GARNET MIMMS AND THE ENCHANTERS / Cry Baby
LP (United Artists UAL-3305)
Producer: Jerry Ragovoy
女性1人を含むエンチャンターズが、”クラー・クラー、ベイビー”とまさに泣き叫び、続いてガーネット・ミムズがそれに応える。
63年の大ヒット曲「クライ・ベイビー」だ。
ぼくにとっては、オーティス・レディングやソロモン・バークとの出会いも強烈だったが、この曲のようにそれに負けず劣らず強烈な印象を受けたものがあるから、ディープ・ソウルはやめられない。
そのうち徐々に回りのことが見え始めてくると、実はこの曲はむしろオーティスやバークの曲よりも前に大きなヒットを記録している。
そうかぁ、むしろこの曲がディープ・ソウルの原型なのだと、この曲を起点に考える癖がついた。
ジェリー・ラガヴォイ、バート・バーンズらのニューヨーク・ディープはこの曲によって完成、同時に以後の流行の発火点ともなる。
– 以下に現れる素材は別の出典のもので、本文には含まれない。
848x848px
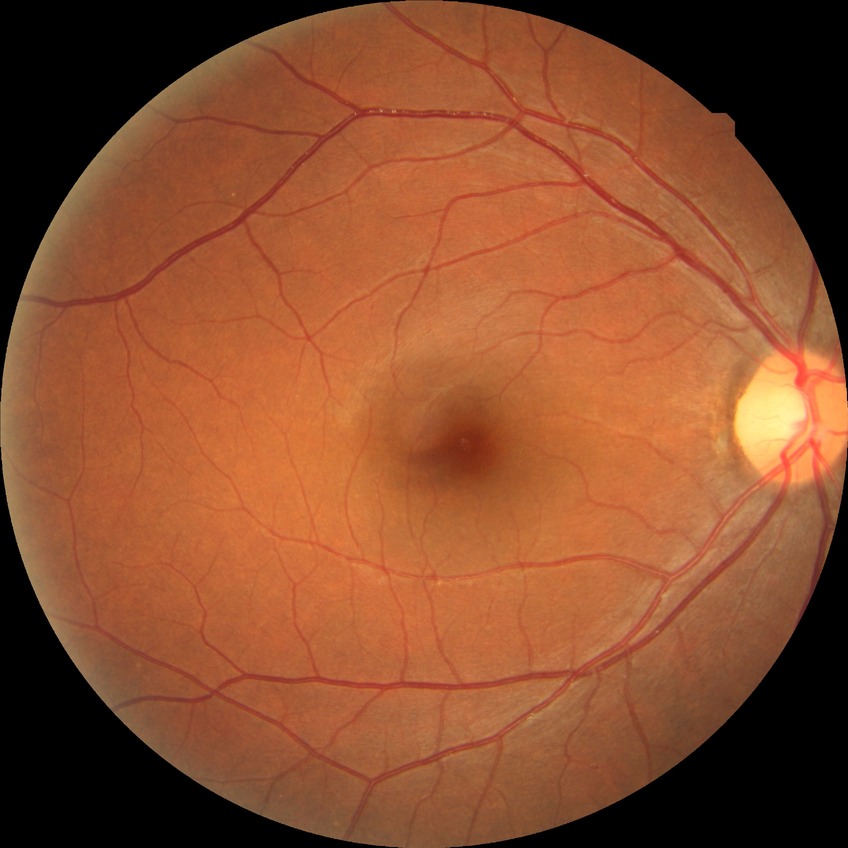 Diabetic retinopathy (DR): NDR (no diabetic retinopathy).

イーブニング・スターズなどゴスペル・グループでレコーディングを経験。
その後フィラデルフィアでゲイナーズなるR&Bグループを結成と、パイオニアたる資格は十分にあった彼の渾身を込めた傑作だ。
このLPはその彼らの正式なデビューLPということになるが、B(2)が別格にすごい曲だとしても、A(5)(6)、B(1)と平均以上のディープさが続くだけに、やはり名盤というしかないだろう。
なお、B(1)はジャケットでは “Runaway Lover” となっているが、「トゥルース・ハート」が正しい。
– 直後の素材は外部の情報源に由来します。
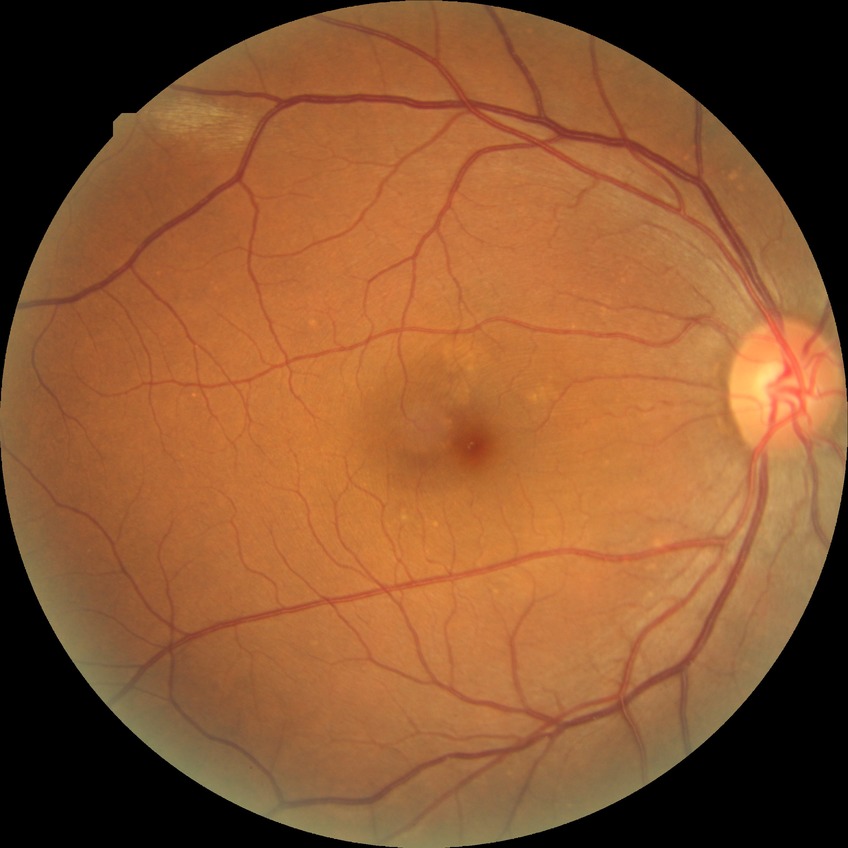
{
  "davis_grade": "NDR"
}

▶Some More from this Artist
先に触れたゲイナーズ時代の作品は、後に “Sensational New Star” (Guest Star 1907) 他でLP化されたが、収録されているのも8曲だし、正直いってまだ眠っているような作品群である。
その後のLPを列記してみよう。
- “As Long As I Have You”
- “I’ll Take Good Care Of You”
- “Live”
- “Has It All”
ディープ・ソウルのパイオニアのひとりにしては少ないものだ。
確かに、東海岸の人だけにポピュラーな面もあるが、そんなことを言うなら、ソロモン・バークだってある。
①は、先のLPと継続した内容だが、エンチャンターズははずれ、曲によってはスウィート・インスピレイションズの前身(シシー・ヒューストン、ディー・ディー・ワーウィックら)の声がぼくには聞こえる。
個人的にはやはりエンチャンターズのコーラスが忘れられないが、「ワン・ウーマン」などさすがの力作だ。
1枚目より落ちるが、やはり持っていたい1枚である。
66年の②となると、一聴して音が新しくなっていることがわかる。
メンフィス・ソウルの影響なのだろうが、とにかくタイトル曲は「クライ・ベイビー」と並ぶ2大傑作となった。
後半の盛り上がりなんかほんと鳥肌が立つほど。
スローはほとんどこれ1曲で、後はミディアムやアップの作品が目立つといったLP。
この頃、どういうわけか、イギリスで人気が出、単独で渡欧し、作られたのがつぎの③、イギリス人がバックをやっているので、確かにリズムに張りはないが、意外な聞き物になっていて無視する必要はない。
この後ではヴァーヴ時代がぼくは非常に好きなのだが、LPは生まれなかった。
やっとできたのが、78年の④で、1,2曲を除くと、昔の面影はそこにはない。